XoFTR: Cross-modal Feature Matching Transformer
Önder Tuzcuoğlu, Aybora Köksal, Buğra Sofu, Sinan Kalkan, A. Aydın Alatan
TL;DR
XoFTR tackles the challenging problem of cross-modal local feature matching between visible and thermal images by introducing a two-stage training regime that combines masked image modeling pre-training with augmentation-based fine-tuning on pseudo-thermal data. The method employs a coarse-to-fine pipeline with sub-pixel refinement, enabling robust matching across scale, viewpoint, and texture differences, and integrates one-to-many and one-to-one assignments to improve reliability. A new METU-VisTIR dataset is proposed to evaluate cross-modal matching under diverse weather and viewpoint conditions, and extensive experiments show state-of-the-art performance on pose and homography estimation benchmarks, with strong ablations confirming the effectiveness of each component. The work has practical implications for cross-modal localization and mapping in outdoor environments where thermal imaging offers robustness to lighting and weather, while aligning with existing deep-learning frameworks for efficiency and scalability.
Abstract
We introduce, XoFTR, a cross-modal cross-view method for local feature matching between thermal infrared (TIR) and visible images.

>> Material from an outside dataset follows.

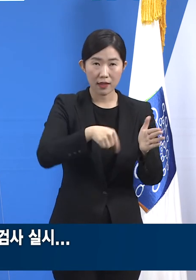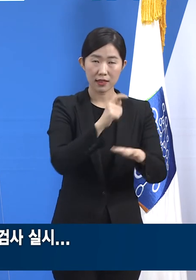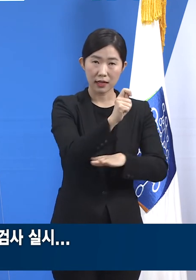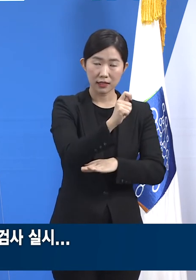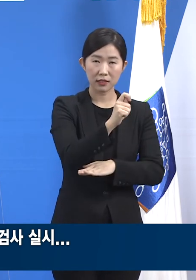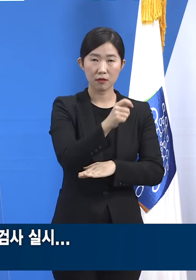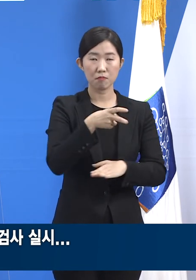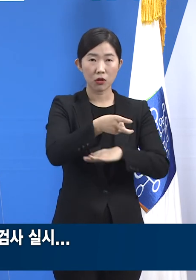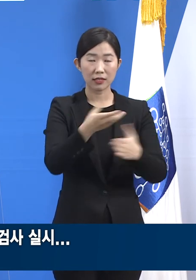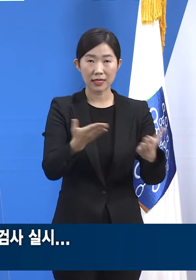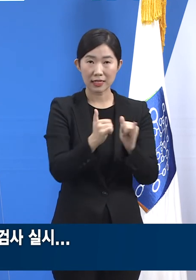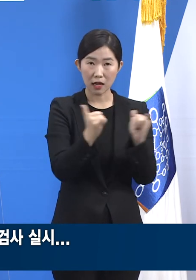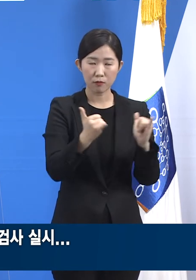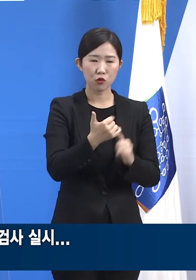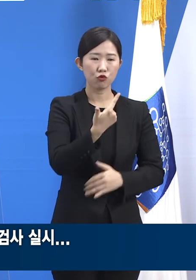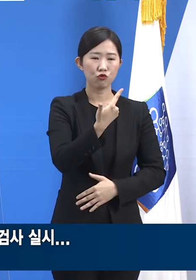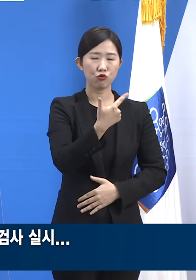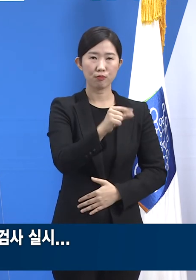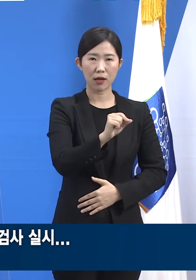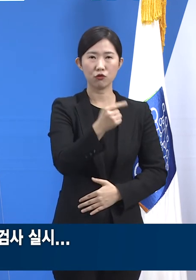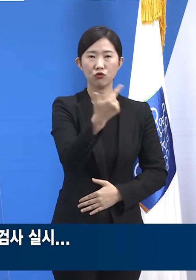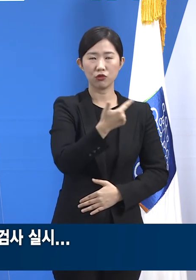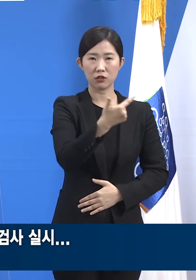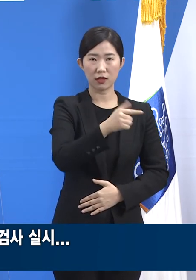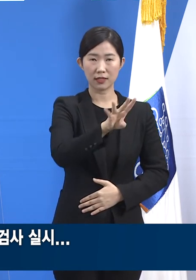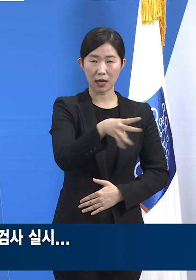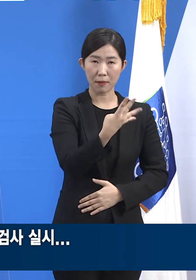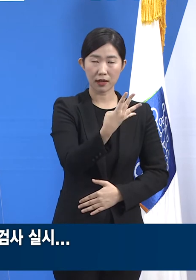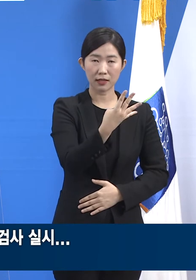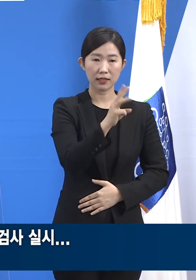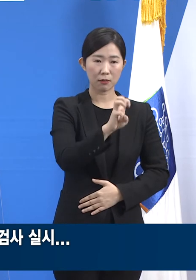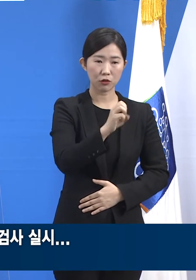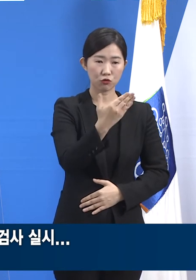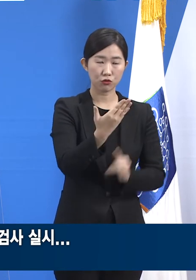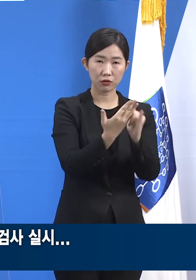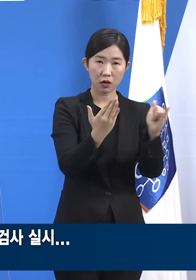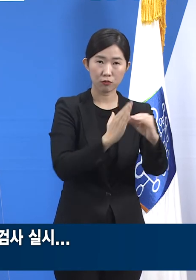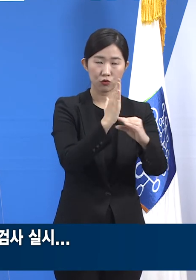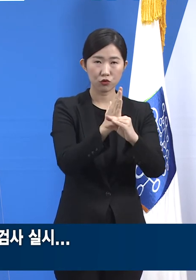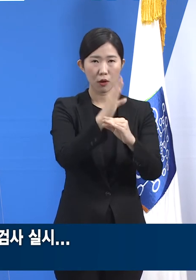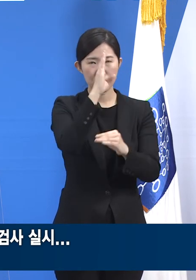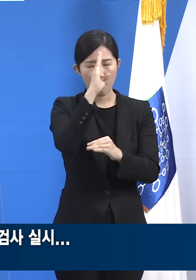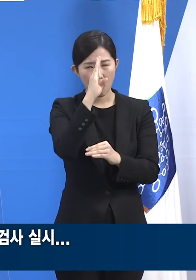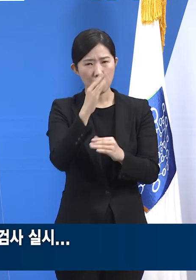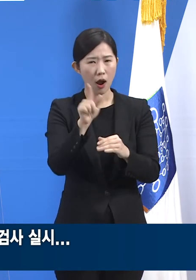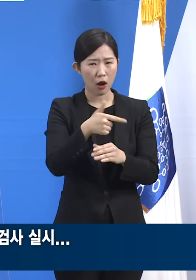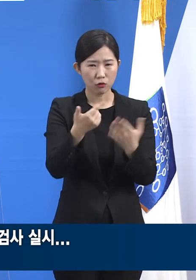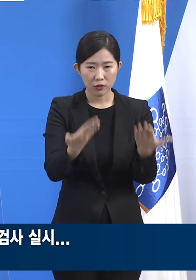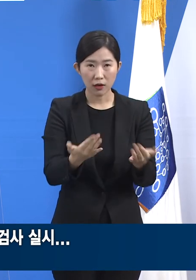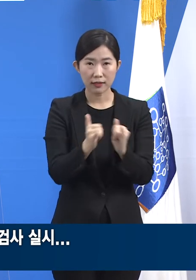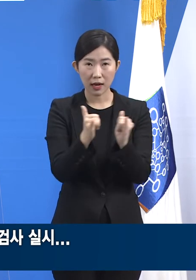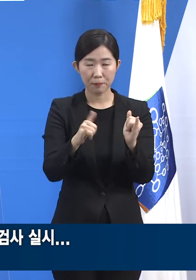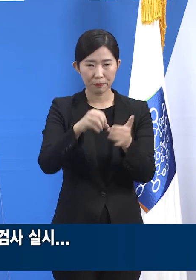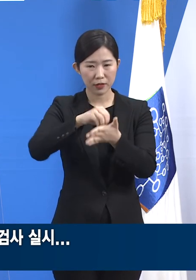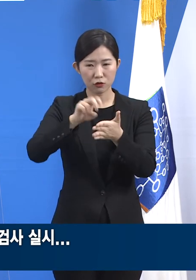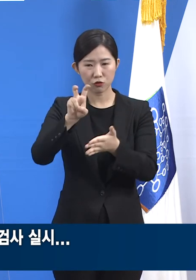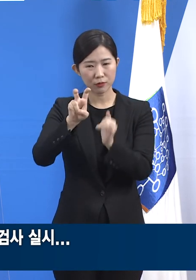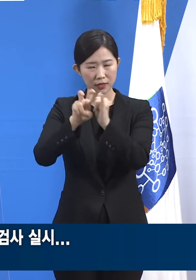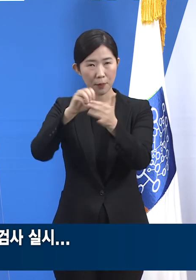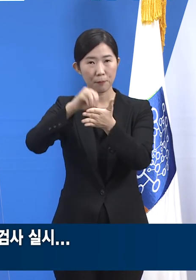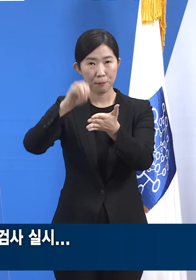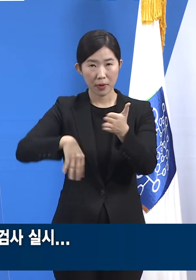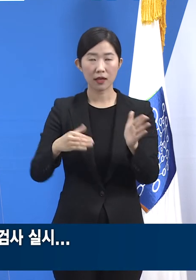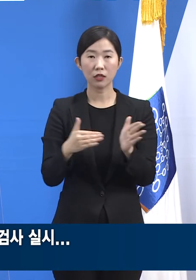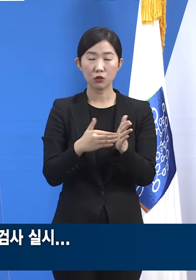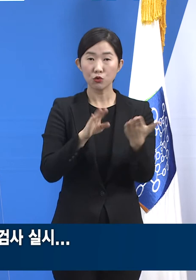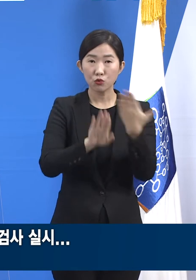,439명 중 병과 휴직자 20명을 제외한 66,419명에 대해서 검사를 완료하였고

Unlike visible images, TIR images are less susceptible to adverse lighting and weather conditions but present difficulties in matching due to significant texture and intensity differences. Current hand-crafted and learning-based methods for visible-TIR matching fall short in handling viewpoint, scale, and texture diversities. To address this, XoFTR incorporates masked image modeling pre-training and fine-tuning with pseudo-thermal image augmentation to handle the modality differences. Additionally, we introduce a refined matching pipeline that adjusts for scale discrepancies and enhances match reliability through sub-pixel level refinement. To validate our approach, we collect a comprehensive visible-thermal dataset, and show that our method outperforms existing methods on many benchmarks.